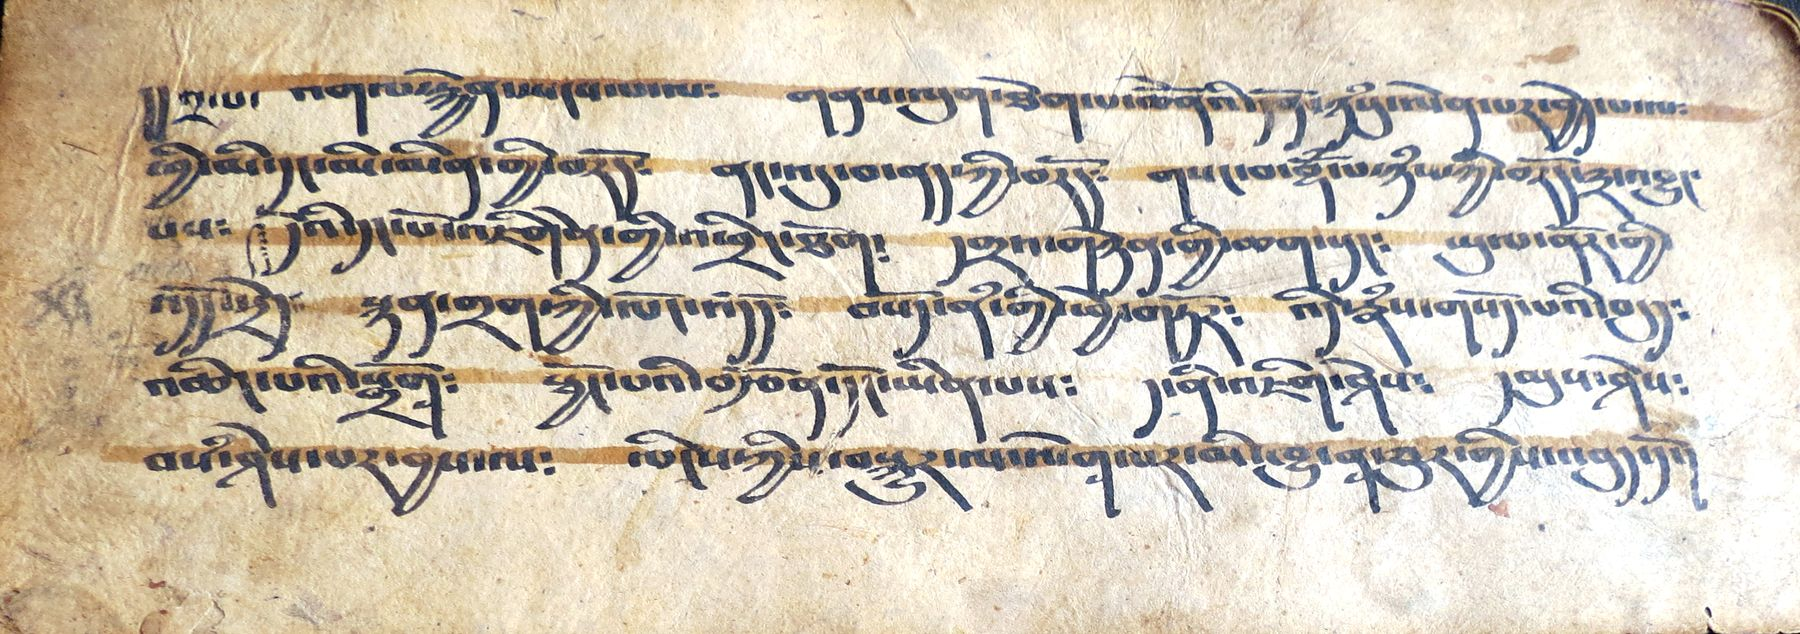གཉིས་པ་འགལ་རྐྱེན་སྤང་བ་ལ། གནས་ལུགས་ཐེག་པ་ཆེན་པོའི་དོན་ཉམས་སུ་ལེན་པར་བྱེད་པ་ལ། 
ཕྱི་མི་དང་མི་མིན་གྱི་བར་ཆོད། ནང་འདུ་བ་ནད་ཀྱི་བར་ཆོད། གསང་བ་སྒོམ་པ་ཉམས་ཀྱི་བར་ཆོད་དང་གསུམ་འབྱུང་
བའི། དེའི་དང་པོ་འཇིག་རྟེན་གྱི་འཕྲེང་ཐོག དགྲ་གཉེན་གྱི་ཆགས་སྡང་། ཡུལ་ནོར་གྱི་
འདོད་སྲེད། སྙན་གྲགས་ཀྱི་ལོ་འདོད། བསོད་ནམས་ཀྱི་ཕྱེ་གཏོར། འདི་རྣམས་གསོད་པ་ཡི་བདུད། 
འཆིང་བའི་སྒྲོགས། སྦྱོང་བའི་བཙོན་དོང་ཡིན་པས། ད་ནི་འཇིགས་ཤེས། དམུས་ཤེས། 
བསམ་ཤེས་པར་བྱས་ལ། ལིངས་ཀྱིས་སྐྱུར་ལ་ལེགས་པར་མི་ཁྱུ་ནས་ཅུར་གྱིས་འབུད་དོ། །

**Work instruction**
From the line containing "འཆིང་བའི་སྒྲོགས། སྦྱོང་བའི་བཙོན་དོང་ཡིན་པས། ད་ནི་འཇིགས་ཤེས།" through the last line of the entries above, print every line exactly, including both ends, and nothing else.

**Written answer**
འཆིང་བའི་སྒྲོགས། སྦྱོང་བའི་བཙོན་དོང་ཡིན་པས། ད་ནི་འཇིགས་ཤེས། དམུས་ཤེས། 
བསམ་ཤེས་པར་བྱས་ལ། ལིངས་ཀྱིས་སྐྱུར་ལ་ལེགས་པར་མི་ཁྱུ་ནས་ཅུར་གྱིས་འབུད་དོ། །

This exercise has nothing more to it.